START SOURCE RECORDS

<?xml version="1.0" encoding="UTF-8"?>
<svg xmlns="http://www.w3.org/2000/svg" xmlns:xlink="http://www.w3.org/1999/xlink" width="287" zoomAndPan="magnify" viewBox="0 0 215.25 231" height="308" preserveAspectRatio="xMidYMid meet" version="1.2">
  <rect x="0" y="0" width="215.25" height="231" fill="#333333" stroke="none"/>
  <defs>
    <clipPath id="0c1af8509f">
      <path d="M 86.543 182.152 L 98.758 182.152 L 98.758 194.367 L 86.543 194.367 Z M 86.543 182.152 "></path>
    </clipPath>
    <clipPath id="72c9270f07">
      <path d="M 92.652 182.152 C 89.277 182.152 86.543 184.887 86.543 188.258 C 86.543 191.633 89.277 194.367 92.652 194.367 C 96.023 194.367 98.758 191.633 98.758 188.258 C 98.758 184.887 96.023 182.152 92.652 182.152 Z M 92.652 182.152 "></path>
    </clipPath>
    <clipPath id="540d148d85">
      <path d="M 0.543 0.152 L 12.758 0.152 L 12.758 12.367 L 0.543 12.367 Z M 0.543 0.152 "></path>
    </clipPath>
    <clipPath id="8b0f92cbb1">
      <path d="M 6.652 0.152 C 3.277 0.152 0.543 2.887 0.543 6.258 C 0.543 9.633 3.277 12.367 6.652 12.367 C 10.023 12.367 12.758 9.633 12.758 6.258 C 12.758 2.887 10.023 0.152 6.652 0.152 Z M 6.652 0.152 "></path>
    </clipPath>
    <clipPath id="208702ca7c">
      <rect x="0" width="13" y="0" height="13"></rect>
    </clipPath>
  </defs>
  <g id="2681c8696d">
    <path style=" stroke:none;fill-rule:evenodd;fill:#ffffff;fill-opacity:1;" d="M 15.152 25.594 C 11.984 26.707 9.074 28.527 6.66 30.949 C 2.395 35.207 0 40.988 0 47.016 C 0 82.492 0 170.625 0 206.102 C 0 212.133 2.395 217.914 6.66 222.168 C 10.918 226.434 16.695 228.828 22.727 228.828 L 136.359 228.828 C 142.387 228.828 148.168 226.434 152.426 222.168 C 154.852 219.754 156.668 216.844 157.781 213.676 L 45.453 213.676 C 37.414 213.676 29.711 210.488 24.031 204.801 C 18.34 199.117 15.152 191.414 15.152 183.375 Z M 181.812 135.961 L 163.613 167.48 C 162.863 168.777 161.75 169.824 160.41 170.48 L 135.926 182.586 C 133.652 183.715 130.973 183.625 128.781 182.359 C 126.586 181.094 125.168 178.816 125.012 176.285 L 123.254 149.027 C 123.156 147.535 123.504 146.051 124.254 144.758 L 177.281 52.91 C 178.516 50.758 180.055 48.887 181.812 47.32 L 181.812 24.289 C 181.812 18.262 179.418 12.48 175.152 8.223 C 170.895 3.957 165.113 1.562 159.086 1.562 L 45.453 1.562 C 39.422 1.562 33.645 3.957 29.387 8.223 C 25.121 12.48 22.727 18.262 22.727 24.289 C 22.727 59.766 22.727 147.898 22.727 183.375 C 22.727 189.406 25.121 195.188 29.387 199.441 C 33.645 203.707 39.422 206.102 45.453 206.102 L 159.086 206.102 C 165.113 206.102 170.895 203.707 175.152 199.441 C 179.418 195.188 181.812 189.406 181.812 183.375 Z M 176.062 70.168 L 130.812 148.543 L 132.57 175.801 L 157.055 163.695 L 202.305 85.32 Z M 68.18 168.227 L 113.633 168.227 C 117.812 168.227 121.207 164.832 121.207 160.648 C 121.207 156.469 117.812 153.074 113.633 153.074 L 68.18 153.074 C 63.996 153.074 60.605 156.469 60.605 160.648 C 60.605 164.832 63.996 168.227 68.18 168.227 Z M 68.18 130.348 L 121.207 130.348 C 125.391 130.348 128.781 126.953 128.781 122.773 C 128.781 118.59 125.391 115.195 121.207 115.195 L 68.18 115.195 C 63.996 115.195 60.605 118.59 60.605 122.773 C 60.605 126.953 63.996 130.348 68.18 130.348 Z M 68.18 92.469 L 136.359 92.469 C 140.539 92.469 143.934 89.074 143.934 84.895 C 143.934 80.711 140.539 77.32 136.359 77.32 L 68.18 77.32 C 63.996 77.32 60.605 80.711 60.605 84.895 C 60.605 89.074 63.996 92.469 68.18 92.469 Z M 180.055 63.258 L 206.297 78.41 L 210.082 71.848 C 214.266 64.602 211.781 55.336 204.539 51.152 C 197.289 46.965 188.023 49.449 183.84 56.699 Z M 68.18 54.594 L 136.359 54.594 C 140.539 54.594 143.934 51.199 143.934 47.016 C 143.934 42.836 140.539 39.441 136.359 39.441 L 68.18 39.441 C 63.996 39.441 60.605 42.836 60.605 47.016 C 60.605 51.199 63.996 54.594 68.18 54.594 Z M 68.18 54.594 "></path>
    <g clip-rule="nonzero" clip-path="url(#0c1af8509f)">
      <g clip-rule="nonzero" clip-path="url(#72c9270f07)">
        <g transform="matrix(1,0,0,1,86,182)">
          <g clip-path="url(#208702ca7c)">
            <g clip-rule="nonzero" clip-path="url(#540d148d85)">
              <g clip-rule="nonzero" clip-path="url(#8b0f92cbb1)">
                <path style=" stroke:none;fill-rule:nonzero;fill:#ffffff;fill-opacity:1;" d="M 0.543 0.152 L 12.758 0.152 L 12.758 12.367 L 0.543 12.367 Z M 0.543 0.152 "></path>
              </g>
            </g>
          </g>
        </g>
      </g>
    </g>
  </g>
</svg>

END SOURCE RECORDS

◆ **AIM OF THE TASK**:
Print each entry above again, exactly as it was given.

◆ **TASK RESULT**:
<?xml version="1.0" encoding="UTF-8"?>
<svg xmlns="http://www.w3.org/2000/svg" xmlns:xlink="http://www.w3.org/1999/xlink" width="287" zoomAndPan="magnify" viewBox="0 0 215.25 231" height="308" preserveAspectRatio="xMidYMid meet" version="1.2">
  <rect x="0" y="0" width="215.25" height="231" fill="#333333" stroke="none"/>
  <defs>
    <clipPath id="0c1af8509f">
      <path d="M 86.543 182.152 L 98.758 182.152 L 98.758 194.367 L 86.543 194.367 Z M 86.543 182.152 "></path>
    </clipPath>
    <clipPath id="72c9270f07">
      <path d="M 92.652 182.152 C 89.277 182.152 86.543 184.887 86.543 188.258 C 86.543 191.633 89.277 194.367 92.652 194.367 C 96.023 194.367 98.758 191.633 98.758 188.258 C 98.758 184.887 96.023 182.152 92.652 182.152 Z M 92.652 182.152 "></path>
    </clipPath>
    <clipPath id="540d148d85">
      <path d="M 0.543 0.152 L 12.758 0.152 L 12.758 12.367 L 0.543 12.367 Z M 0.543 0.152 "></path>
    </clipPath>
    <clipPath id="8b0f92cbb1">
      <path d="M 6.652 0.152 C 3.277 0.152 0.543 2.887 0.543 6.258 C 0.543 9.633 3.277 12.367 6.652 12.367 C 10.023 12.367 12.758 9.633 12.758 6.258 C 12.758 2.887 10.023 0.152 6.652 0.152 Z M 6.652 0.152 "></path>
    </clipPath>
    <clipPath id="208702ca7c">
      <rect x="0" width="13" y="0" height="13"></rect>
    </clipPath>
  </defs>
  <g id="2681c8696d">
    <path style=" stroke:none;fill-rule:evenodd;fill:#ffffff;fill-opacity:1;" d="M 15.152 25.594 C 11.984 26.707 9.074 28.527 6.66 30.949 C 2.395 35.207 0 40.988 0 47.016 C 0 82.492 0 170.625 0 206.102 C 0 212.133 2.395 217.914 6.66 222.168 C 10.918 226.434 16.695 228.828 22.727 228.828 L 136.359 228.828 C 142.387 228.828 148.168 226.434 152.426 222.168 C 154.852 219.754 156.668 216.844 157.781 213.676 L 45.453 213.676 C 37.414 213.676 29.711 210.488 24.031 204.801 C 18.34 199.117 15.152 191.414 15.152 183.375 Z M 181.812 135.961 L 163.613 167.48 C 162.863 168.777 161.75 169.824 160.41 170.48 L 135.926 182.586 C 133.652 183.715 130.973 183.625 128.781 182.359 C 126.586 181.094 125.168 178.816 125.012 176.285 L 123.254 149.027 C 123.156 147.535 123.504 146.051 124.254 144.758 L 177.281 52.91 C 178.516 50.758 180.055 48.887 181.812 47.32 L 181.812 24.289 C 181.812 18.262 179.418 12.48 175.152 8.223 C 170.895 3.957 165.113 1.562 159.086 1.562 L 45.453 1.562 C 39.422 1.562 33.645 3.957 29.387 8.223 C 25.121 12.48 22.727 18.262 22.727 24.289 C 22.727 59.766 22.727 147.898 22.727 183.375 C 22.727 189.406 25.121 195.188 29.387 199.441 C 33.645 203.707 39.422 206.102 45.453 206.102 L 159.086 206.102 C 165.113 206.102 170.895 203.707 175.152 199.441 C 179.418 195.188 181.812 189.406 181.812 183.375 Z M 176.062 70.168 L 130.812 148.543 L 132.57 175.801 L 157.055 163.695 L 202.305 85.32 Z M 68.18 168.227 L 113.633 168.227 C 117.812 168.227 121.207 164.832 121.207 160.648 C 121.207 156.469 117.812 153.074 113.633 153.074 L 68.18 153.074 C 63.996 153.074 60.605 156.469 60.605 160.648 C 60.605 164.832 63.996 168.227 68.18 168.227 Z M 68.18 130.348 L 121.207 130.348 C 125.391 130.348 128.781 126.953 128.781 122.773 C 128.781 118.59 125.391 115.195 121.207 115.195 L 68.18 115.195 C 63.996 115.195 60.605 118.59 60.605 122.773 C 60.605 126.953 63.996 130.348 68.18 130.348 Z M 68.18 92.469 L 136.359 92.469 C 140.539 92.469 143.934 89.074 143.934 84.895 C 143.934 80.711 140.539 77.32 136.359 77.32 L 68.18 77.32 C 63.996 77.32 60.605 80.711 60.605 84.895 C 60.605 89.074 63.996 92.469 68.18 92.469 Z M 180.055 63.258 L 206.297 78.41 L 210.082 71.848 C 214.266 64.602 211.781 55.336 204.539 51.152 C 197.289 46.965 188.023 49.449 183.84 56.699 Z M 68.18 54.594 L 136.359 54.594 C 140.539 54.594 143.934 51.199 143.934 47.016 C 143.934 42.836 140.539 39.441 136.359 39.441 L 68.18 39.441 C 63.996 39.441 60.605 42.836 60.605 47.016 C 60.605 51.199 63.996 54.594 68.18 54.594 Z M 68.18 54.594 "></path>
    <g clip-rule="nonzero" clip-path="url(#0c1af8509f)">
      <g clip-rule="nonzero" clip-path="url(#72c9270f07)">
        <g transform="matrix(1,0,0,1,86,182)">
          <g clip-path="url(#208702ca7c)">
            <g clip-rule="nonzero" clip-path="url(#540d148d85)">
              <g clip-rule="nonzero" clip-path="url(#8b0f92cbb1)">
                <path style=" stroke:none;fill-rule:nonzero;fill:#ffffff;fill-opacity:1;" d="M 0.543 0.152 L 12.758 0.152 L 12.758 12.367 L 0.543 12.367 Z M 0.543 0.152 "></path>
              </g>
            </g>
          </g>
        </g>
      </g>
    </g>
  </g>
</svg>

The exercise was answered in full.